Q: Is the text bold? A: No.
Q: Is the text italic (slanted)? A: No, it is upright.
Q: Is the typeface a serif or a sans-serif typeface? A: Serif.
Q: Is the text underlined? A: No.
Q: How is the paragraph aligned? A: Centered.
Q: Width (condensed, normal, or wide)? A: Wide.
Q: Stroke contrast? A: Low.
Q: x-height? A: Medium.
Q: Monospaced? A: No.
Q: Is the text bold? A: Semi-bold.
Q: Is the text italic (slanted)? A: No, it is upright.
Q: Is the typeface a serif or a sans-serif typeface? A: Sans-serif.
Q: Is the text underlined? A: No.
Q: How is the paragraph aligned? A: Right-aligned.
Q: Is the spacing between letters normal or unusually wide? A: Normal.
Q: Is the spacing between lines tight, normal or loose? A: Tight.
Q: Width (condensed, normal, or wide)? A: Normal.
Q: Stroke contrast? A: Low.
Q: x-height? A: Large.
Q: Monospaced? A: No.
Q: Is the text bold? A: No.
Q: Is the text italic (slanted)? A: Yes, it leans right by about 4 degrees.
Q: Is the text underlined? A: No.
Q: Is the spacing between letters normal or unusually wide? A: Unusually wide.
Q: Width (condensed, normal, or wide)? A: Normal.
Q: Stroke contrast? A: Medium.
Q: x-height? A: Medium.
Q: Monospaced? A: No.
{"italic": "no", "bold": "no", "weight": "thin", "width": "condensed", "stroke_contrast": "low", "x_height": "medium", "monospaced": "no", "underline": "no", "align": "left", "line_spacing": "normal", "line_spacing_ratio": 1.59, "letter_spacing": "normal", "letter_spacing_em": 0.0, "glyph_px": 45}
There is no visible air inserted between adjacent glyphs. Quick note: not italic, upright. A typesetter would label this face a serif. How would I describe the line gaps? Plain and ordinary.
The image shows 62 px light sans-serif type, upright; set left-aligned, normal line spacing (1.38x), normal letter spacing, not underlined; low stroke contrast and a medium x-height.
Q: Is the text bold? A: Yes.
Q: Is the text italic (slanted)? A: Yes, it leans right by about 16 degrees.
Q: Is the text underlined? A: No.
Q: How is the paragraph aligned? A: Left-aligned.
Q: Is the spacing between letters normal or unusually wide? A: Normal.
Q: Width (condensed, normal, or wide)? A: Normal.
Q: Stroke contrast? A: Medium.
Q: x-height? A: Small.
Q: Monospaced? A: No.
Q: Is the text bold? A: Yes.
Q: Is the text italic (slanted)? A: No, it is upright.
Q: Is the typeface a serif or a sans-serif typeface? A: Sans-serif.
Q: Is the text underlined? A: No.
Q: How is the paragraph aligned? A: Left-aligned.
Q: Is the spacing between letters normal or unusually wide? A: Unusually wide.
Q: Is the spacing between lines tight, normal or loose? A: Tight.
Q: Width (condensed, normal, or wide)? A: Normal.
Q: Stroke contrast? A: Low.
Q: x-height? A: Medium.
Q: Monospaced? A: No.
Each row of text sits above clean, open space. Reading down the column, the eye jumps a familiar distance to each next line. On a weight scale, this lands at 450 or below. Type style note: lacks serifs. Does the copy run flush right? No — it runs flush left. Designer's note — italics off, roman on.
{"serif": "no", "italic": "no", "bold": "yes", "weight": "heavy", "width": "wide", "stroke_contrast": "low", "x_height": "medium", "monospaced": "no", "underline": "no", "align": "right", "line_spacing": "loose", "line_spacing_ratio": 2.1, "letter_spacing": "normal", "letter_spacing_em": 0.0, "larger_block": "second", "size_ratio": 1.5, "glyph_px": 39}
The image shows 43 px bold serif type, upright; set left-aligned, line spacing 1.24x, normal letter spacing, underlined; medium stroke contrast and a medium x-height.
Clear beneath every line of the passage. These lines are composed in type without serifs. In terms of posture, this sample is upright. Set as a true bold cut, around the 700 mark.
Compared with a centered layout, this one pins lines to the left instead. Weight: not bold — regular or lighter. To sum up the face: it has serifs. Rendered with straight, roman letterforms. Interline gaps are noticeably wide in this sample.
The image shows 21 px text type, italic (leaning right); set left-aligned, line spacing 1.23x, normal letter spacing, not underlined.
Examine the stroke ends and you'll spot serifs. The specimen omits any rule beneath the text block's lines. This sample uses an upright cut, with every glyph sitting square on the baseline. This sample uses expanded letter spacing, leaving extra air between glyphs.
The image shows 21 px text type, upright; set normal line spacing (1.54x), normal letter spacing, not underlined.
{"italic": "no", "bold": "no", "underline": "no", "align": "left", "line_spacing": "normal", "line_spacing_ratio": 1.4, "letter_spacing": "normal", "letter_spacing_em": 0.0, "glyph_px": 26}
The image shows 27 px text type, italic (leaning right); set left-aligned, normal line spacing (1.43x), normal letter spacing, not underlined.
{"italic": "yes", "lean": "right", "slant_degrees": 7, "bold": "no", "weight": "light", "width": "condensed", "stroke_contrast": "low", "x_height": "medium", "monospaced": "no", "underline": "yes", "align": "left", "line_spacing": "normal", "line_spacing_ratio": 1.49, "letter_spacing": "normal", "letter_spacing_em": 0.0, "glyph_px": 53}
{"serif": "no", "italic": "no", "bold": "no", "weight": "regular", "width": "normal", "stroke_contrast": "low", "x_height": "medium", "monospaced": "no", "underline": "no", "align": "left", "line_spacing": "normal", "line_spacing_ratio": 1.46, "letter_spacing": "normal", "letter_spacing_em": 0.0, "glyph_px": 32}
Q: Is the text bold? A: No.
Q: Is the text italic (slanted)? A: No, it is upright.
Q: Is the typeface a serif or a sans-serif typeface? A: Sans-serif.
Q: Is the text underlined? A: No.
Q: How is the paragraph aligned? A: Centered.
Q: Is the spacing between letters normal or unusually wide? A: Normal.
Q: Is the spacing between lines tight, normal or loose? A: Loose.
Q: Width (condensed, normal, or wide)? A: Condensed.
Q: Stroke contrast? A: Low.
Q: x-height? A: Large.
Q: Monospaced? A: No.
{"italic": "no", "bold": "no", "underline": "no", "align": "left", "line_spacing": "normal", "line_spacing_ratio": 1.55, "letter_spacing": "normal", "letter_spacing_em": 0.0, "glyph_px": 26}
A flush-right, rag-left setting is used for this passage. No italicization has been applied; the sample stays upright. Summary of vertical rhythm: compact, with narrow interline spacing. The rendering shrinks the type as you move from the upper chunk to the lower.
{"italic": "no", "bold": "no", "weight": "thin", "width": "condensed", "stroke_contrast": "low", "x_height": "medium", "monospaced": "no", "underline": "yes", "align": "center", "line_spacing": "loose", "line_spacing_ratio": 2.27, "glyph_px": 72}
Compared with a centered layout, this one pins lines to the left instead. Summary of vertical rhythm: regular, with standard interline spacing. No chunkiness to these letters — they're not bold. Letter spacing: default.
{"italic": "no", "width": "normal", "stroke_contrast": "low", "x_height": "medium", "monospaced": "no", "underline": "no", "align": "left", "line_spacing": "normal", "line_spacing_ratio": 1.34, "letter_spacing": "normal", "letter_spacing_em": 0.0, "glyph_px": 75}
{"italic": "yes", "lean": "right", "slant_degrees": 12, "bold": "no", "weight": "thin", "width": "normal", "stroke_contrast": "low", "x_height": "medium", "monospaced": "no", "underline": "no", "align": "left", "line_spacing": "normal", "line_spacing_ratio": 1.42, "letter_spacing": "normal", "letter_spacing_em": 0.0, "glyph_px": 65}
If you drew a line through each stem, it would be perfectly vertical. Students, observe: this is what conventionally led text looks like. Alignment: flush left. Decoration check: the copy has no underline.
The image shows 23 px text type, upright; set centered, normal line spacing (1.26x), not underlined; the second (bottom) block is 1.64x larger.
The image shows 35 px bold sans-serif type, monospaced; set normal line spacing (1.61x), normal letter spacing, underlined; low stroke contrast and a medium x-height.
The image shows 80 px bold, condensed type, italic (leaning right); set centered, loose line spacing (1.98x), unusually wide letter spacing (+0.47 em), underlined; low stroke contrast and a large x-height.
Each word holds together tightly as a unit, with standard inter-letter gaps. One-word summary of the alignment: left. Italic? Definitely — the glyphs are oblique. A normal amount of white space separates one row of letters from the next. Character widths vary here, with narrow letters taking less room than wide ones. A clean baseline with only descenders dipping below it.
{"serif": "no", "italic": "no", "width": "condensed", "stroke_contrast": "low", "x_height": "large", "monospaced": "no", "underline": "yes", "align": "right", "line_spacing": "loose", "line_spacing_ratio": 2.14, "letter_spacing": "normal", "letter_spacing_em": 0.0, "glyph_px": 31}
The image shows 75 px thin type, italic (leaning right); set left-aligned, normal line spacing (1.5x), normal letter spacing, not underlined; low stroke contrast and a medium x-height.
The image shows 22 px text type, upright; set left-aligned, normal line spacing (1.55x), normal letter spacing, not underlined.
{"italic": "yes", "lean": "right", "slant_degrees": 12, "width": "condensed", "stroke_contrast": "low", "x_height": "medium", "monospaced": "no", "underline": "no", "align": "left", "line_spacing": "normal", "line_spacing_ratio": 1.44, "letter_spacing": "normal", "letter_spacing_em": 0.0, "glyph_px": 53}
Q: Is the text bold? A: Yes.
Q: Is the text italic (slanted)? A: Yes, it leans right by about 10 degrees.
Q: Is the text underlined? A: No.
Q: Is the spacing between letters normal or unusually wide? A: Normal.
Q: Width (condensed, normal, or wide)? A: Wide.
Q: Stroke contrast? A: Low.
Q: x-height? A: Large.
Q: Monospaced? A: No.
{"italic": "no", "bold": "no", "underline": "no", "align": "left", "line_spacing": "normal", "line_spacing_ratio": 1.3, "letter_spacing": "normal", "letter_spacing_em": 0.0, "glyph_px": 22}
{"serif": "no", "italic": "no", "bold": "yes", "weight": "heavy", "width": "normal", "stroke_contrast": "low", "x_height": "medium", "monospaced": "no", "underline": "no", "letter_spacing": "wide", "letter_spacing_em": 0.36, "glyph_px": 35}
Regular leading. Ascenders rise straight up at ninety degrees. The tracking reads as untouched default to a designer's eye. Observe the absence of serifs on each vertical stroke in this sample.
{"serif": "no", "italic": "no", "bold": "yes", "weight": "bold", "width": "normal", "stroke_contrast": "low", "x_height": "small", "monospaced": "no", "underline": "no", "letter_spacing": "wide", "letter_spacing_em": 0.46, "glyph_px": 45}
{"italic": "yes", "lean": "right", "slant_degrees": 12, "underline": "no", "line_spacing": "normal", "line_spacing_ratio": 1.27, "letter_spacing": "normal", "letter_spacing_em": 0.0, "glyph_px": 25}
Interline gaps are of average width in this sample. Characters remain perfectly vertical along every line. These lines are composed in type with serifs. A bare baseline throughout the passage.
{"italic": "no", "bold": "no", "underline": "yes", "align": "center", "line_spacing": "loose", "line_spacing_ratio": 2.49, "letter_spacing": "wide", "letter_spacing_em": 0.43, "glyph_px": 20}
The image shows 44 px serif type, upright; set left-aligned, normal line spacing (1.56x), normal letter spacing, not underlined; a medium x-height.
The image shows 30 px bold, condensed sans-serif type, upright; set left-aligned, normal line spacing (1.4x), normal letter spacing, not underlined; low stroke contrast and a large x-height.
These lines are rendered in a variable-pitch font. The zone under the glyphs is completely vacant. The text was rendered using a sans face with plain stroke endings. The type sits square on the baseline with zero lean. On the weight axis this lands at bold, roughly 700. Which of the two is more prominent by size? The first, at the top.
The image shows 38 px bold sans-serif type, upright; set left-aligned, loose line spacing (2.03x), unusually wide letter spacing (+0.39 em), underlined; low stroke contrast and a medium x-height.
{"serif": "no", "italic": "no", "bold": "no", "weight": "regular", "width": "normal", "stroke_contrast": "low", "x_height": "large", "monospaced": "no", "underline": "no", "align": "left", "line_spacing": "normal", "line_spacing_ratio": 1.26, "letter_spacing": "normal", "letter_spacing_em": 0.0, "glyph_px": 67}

TASK PROMPT
Using the entries above, say how many lines include the word "narrow", with no other output.

RESULT OF THE TASK
2